Now that the Constitution has been rescued and sexual McCarthyism discredited, perhaps the most durable legacy of the Lewinsky mess is the central location of the right-wing slime machine on the American political landscape.
Consider the toxic spill effect of Juanita Broaddrick’s decision to reverse her sworn testimony and insist to reporters that, in fact, Bill Clinton did rape her more than twenty years ago. NBC News worked the story for months but held it until February 24 as it sought to investigate Broaddrick’s story. During this period Matt Drudge hysterically charged that the network’s news president, Andrew Lack, “knowingly stood by as the White House manipulated NBC owner General Electric.” His source: an anonymous “senior executive at another network.” In other words, he had no source at all. There’s more. “‘Andy Lack should resign. Resign now. We have to save our face,’ declared one insider.” Insider? Insider where? Drudge’s sock drawer? Lucianne Goldberg’s cigarette holder? It gets worse: “It is not clear,” Drudge wrote, “if White House Press Secretary Joe Lockhart has been in personal contact with NBC News President Lack, or to what lengths Lockhart has gone to keep the story bottled up.” In other words, “I make this stuff up as I go along.”
The story ultimately broke on February 19, when the editorial page of the Wall Street Journal joined its erstwhile political and journalistic comrade Drudge.
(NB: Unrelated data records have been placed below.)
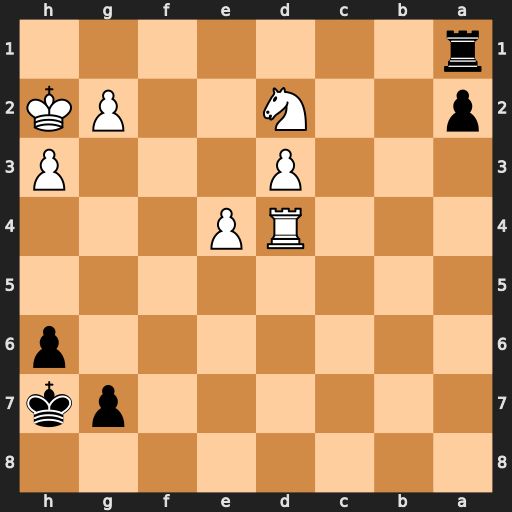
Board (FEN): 8/6pk/7p/8/3RP3/3P3P/p2N2PK/r7
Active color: b
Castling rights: -
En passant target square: -
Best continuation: Rh1+ Kxh1 a1=Q+ Kh2 Qxd4
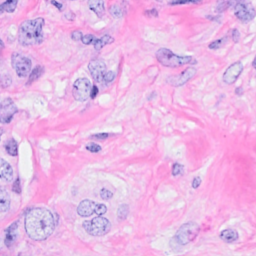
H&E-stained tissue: Breast
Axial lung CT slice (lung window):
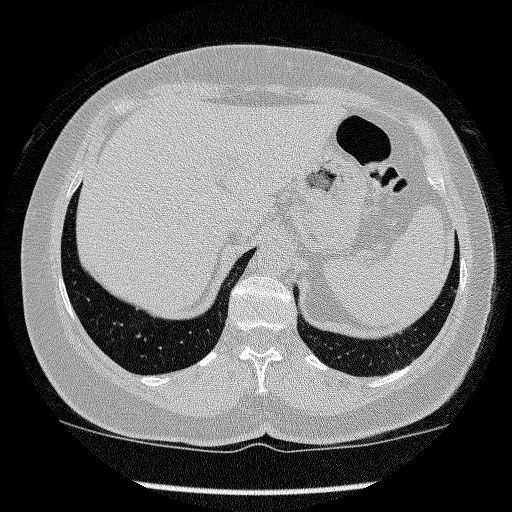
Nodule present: no
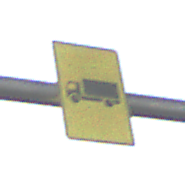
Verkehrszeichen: KFZZulaessigeGesamtmasse3Komma5TOhnePfeilsymbol
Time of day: MorningAfternoon
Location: Outdoor (Nature)
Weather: PartlyCloudy
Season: NotSpecified
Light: Natural
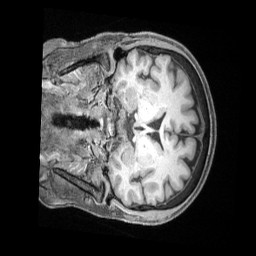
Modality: T1w
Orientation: coronal
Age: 65
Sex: female
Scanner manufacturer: siemens
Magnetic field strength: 3 T
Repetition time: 2.5 s
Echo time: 0.00222 s
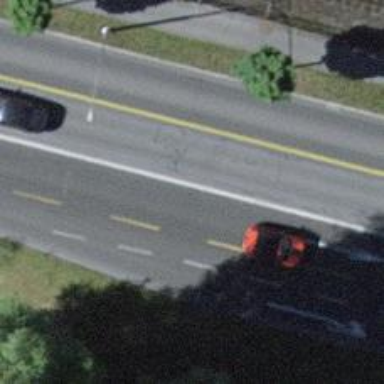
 which is classified as primary highway."
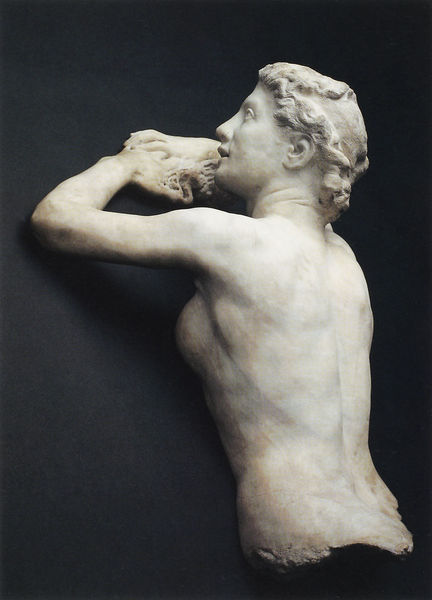
Titel: Hoffnung
Künstler: Max Klinger
Institution: Leipzig, Museum der bildenden Künste
Schlagwörter: akt, blau, nackt, weiß, brust, frau, frisur, haar, marmor, mund, nase, ohr, profil, rücken, stützen, blick, jung, arme, augen, hals, hände, haare, pose, locken, skulptur, rückenansicht, muskeln, büste, antike, torso, fragment, verschränkt, halbprofil, griechisch, nymphe, abstützen, rumpf, gelehnt, fraum, rüclken, oberkärper
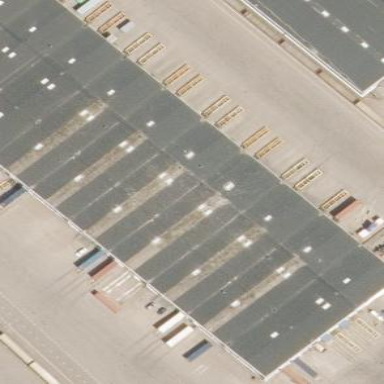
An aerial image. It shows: Logistics building.
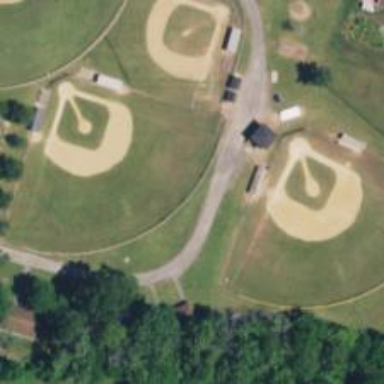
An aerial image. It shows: Baseball pitch for leisure land.
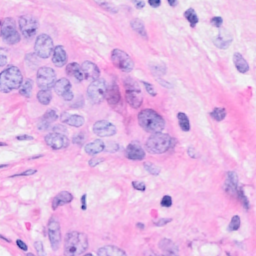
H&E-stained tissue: Breast
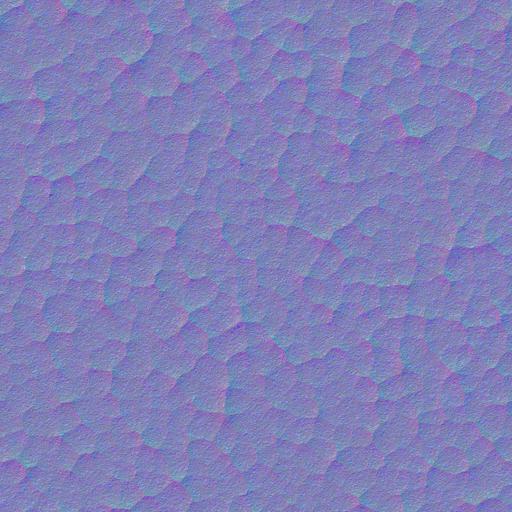
green moss mossy
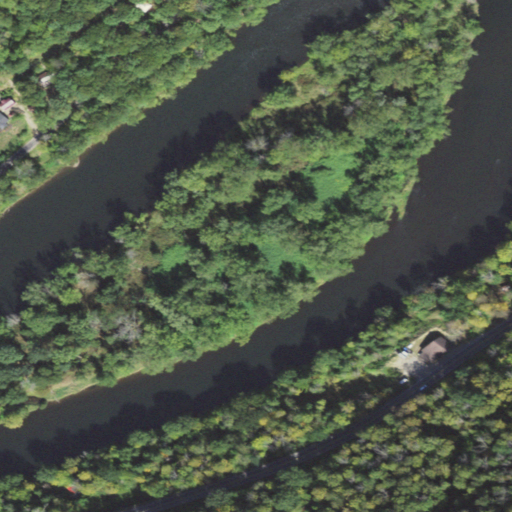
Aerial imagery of island in Pennsylvania named Verbeck Island containing open water, woody wetlands, open development, mixed forest, evergreen forest, deciduous forest, herbaceous wetlands, medium intensity development, low intensity development, and grassland
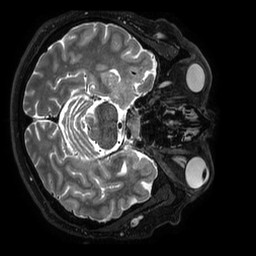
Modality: T2w
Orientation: axial
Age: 53
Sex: female
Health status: ill
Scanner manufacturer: philips
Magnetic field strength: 3 T
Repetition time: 3.5 s
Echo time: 0.3 s
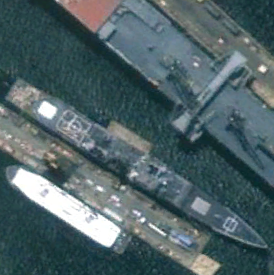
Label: cruiser
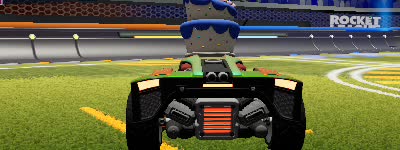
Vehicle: breakout
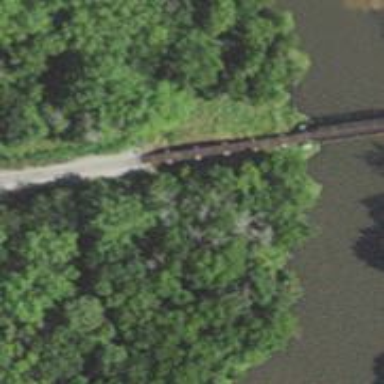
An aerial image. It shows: Bridge over single railway track.
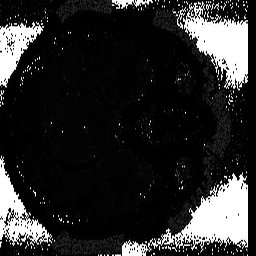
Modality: T2starmap
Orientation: axial
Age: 56
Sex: male
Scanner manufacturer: siemens
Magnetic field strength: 3 T
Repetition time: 0.043 s
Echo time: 0.00184 s
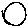
Label: circle
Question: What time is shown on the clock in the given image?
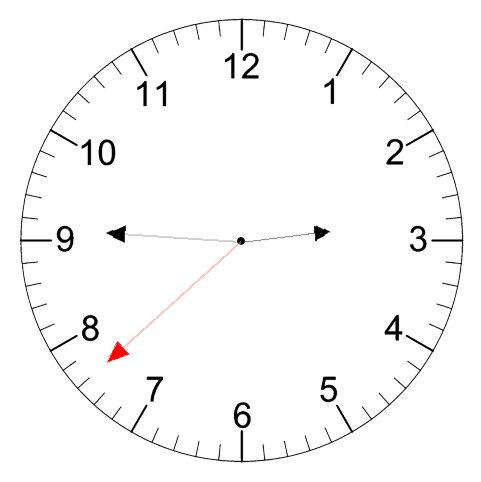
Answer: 02:45:38
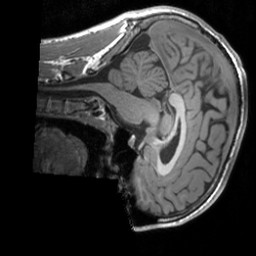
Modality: T1w
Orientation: sagittal
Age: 23
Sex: male
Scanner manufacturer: siemens
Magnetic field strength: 3 T
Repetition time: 1.9 s
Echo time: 0.00226 s

Deploying tear-jerking prose, right-wing ideologue Dorothy Rabinowitz accepted Broaddrick’s claims at face value. She wrote, “To encounter this woman, to hear the details of her story and the statements of the corroborating witnesses, was to understand that this was in fact an event that took place.” The trusting editorial writer–“I am not a hard news reporter,” she has explained–asked Broaddrick no uncomfortable questions and turned up no contemporaneous evidence. Nor did she raise the issue of a voluntary polygraph. Woman-to-woman, Rabinowitz simply decided that Broaddrick’s twenty-one-year-old claims were true, and the massive news-disseminating resources of the Dow Jones Company were marshaled behind a story that its news division wouldn’t touch. Following this act of journalistic recklessness, the paper’s editors chided NBC for its commitment to ethical standards and even compared their own work to George Orwell’s Homage to Catalonia.
The Journal‘s extremist editorial page feeds on the credibility its news division has earned, even though its ideologically inspired flights of fancy often contradict its hard news reporting. Nevertheless, the story gets wings simply because it has the appearance of having run in a “respectable” outlet. Coverage in the wake of the Journal‘s bombshell was remarkably subdued, however, with much of it focusing on the ethical questions raised by the Rabinowitz story. Alone in hyping the sensational aspects of Broaddrick’s unsupported allegations were right-wing entrepreneurs Rupert Murdoch and Sun Myung Moon. Murdoch’s New York Post put it on the front page. His Fox News gasbags flogged it endlessly over the weekend. Moon’s Washington Times made further cover-up accusations against NBC. The stories that followed, predating NBC’s opening of the floodgates, appeared in the Washington Post, the Boston Globe, Time, USA Today, CBS News and the New York Times. All were defensibly handled, though arguable in terms of news value, given the paltry evidence supporting Broaddrick’s account.